• **WHAT TO PRODUCE**
Everything in the data below is left aside except the lines from the one containing "96. Notwithstanding any" through the one containing "Assurance Company Limited"; repeat those exactly.

********************

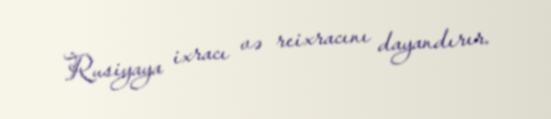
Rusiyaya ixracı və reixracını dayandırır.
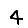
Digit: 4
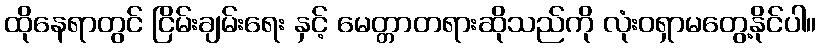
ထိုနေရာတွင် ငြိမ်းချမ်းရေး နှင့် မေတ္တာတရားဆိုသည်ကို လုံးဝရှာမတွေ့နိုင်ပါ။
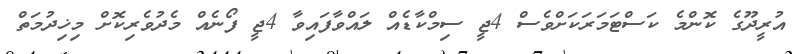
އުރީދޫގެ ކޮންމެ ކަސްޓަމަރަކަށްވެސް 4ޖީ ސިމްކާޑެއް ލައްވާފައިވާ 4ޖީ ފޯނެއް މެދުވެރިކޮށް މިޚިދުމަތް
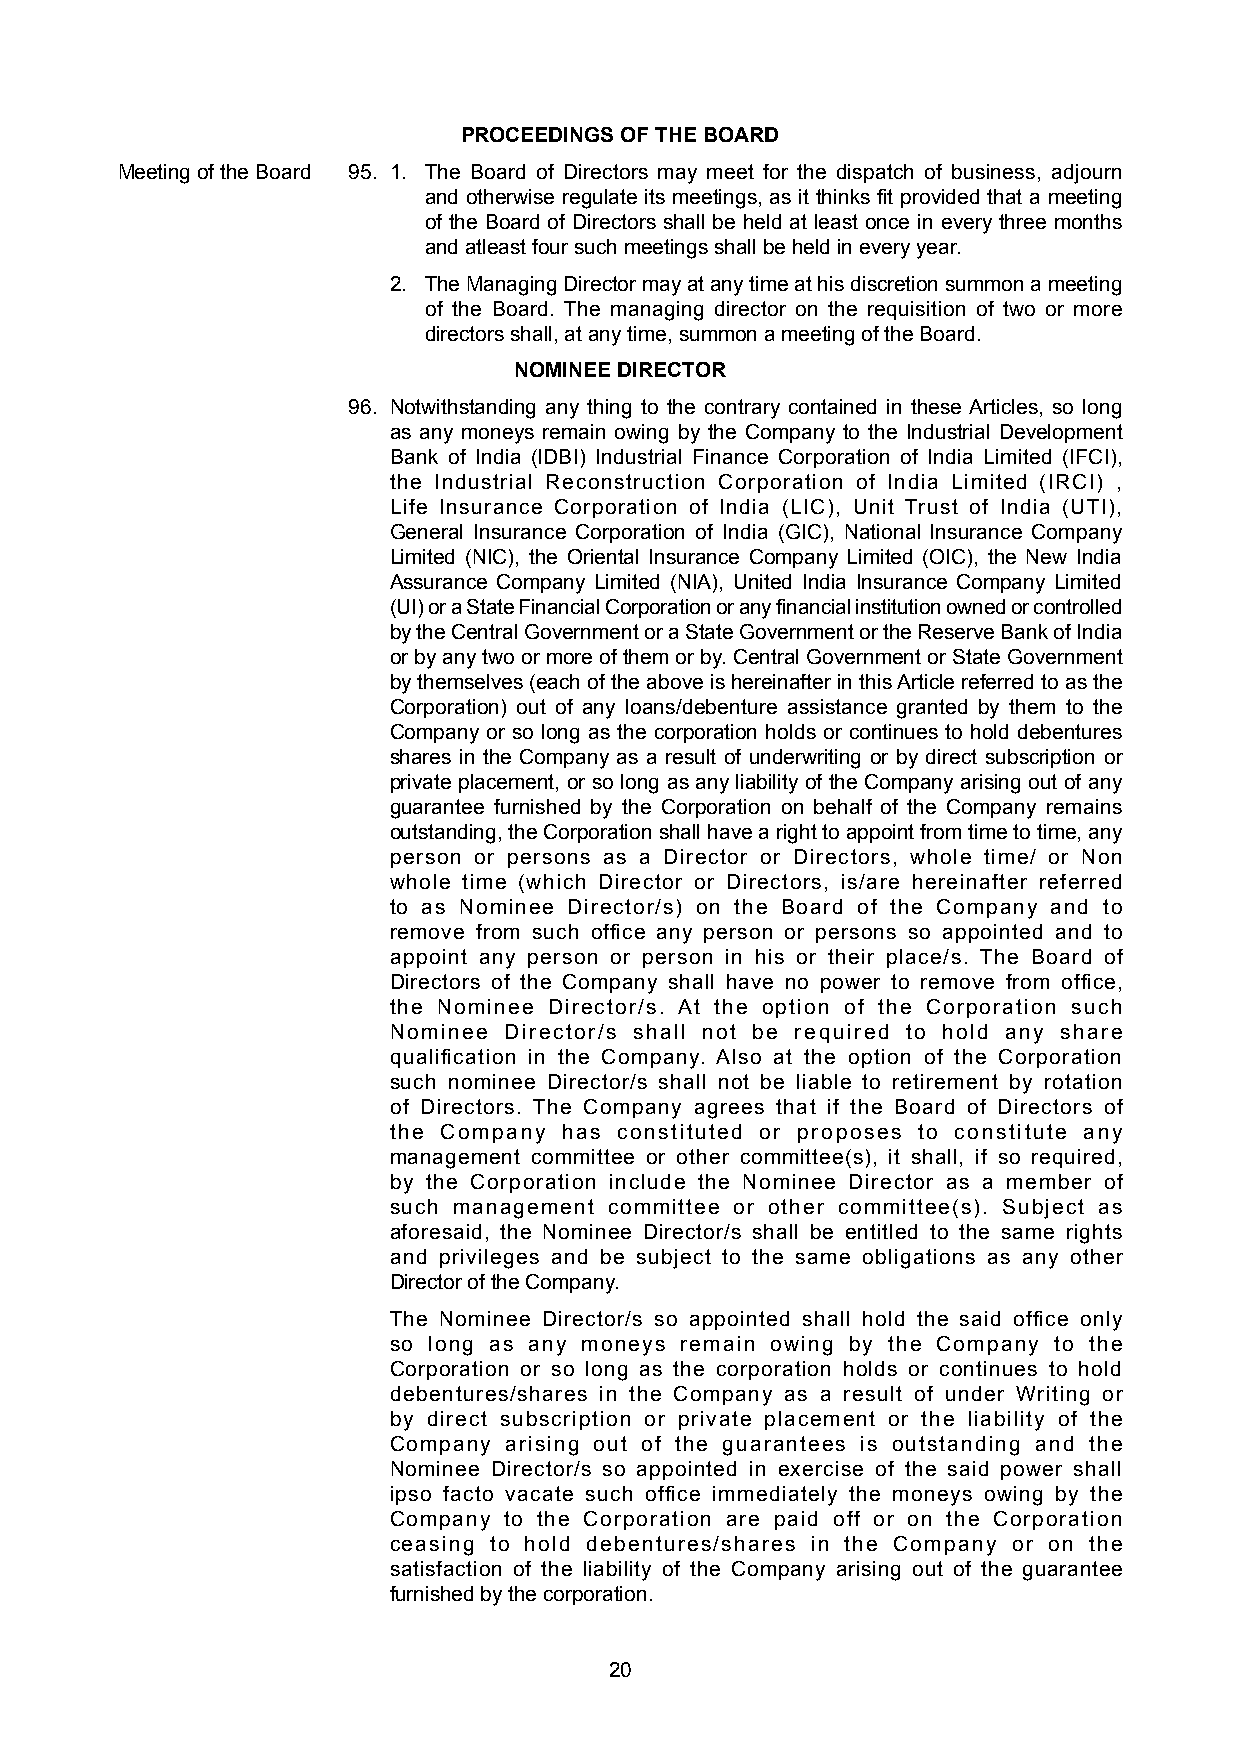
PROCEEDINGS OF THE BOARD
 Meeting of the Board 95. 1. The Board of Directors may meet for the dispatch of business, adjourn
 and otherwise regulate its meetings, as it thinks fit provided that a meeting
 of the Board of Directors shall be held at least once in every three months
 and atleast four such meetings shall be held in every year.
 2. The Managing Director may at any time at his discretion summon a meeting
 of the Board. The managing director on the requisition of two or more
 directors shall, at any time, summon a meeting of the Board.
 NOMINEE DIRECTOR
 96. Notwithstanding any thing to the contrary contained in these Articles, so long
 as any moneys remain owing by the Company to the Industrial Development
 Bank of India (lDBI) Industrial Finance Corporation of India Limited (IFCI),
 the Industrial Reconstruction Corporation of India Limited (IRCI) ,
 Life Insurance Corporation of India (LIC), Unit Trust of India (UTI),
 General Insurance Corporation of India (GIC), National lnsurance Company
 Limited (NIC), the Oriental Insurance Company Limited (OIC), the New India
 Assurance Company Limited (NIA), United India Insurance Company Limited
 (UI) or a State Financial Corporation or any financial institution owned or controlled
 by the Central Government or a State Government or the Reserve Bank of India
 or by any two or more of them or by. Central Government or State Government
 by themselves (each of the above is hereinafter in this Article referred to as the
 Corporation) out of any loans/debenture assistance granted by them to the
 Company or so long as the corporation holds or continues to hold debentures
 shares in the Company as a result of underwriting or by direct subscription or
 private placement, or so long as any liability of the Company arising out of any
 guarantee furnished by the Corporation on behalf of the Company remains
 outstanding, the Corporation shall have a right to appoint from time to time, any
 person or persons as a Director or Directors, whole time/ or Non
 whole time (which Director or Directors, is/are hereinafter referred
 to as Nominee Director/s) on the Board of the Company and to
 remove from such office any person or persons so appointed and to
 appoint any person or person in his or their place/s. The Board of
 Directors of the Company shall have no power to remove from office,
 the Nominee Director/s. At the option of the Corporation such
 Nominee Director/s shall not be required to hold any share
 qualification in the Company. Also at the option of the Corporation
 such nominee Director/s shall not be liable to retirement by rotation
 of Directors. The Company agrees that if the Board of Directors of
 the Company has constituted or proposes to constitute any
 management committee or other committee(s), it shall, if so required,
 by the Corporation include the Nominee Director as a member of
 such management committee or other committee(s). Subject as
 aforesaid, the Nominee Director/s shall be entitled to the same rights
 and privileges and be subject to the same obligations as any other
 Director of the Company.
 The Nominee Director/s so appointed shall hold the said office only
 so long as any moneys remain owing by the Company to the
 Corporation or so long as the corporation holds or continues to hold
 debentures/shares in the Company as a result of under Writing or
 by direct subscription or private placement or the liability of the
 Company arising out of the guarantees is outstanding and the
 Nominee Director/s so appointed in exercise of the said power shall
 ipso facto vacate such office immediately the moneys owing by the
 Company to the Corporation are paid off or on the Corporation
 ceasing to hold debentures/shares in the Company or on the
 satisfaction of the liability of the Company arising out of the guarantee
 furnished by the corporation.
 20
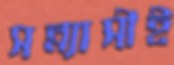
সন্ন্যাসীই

********************

• **WRITTEN RESPONSE**
 96. Notwithstanding any thing to the contrary contained in these Articles, so long
 as any moneys remain owing by the Company to the Industrial Development
 Bank of India (lDBI) Industrial Finance Corporation of India Limited (IFCI),
 the Industrial Reconstruction Corporation of India Limited (IRCI) ,
 Life Insurance Corporation of India (LIC), Unit Trust of India (UTI),
 General Insurance Corporation of India (GIC), National lnsurance Company
 Limited (NIC), the Oriental Insurance Company Limited (OIC), the New India
 Assurance Company Limited (NIA), United India Insurance Company Limited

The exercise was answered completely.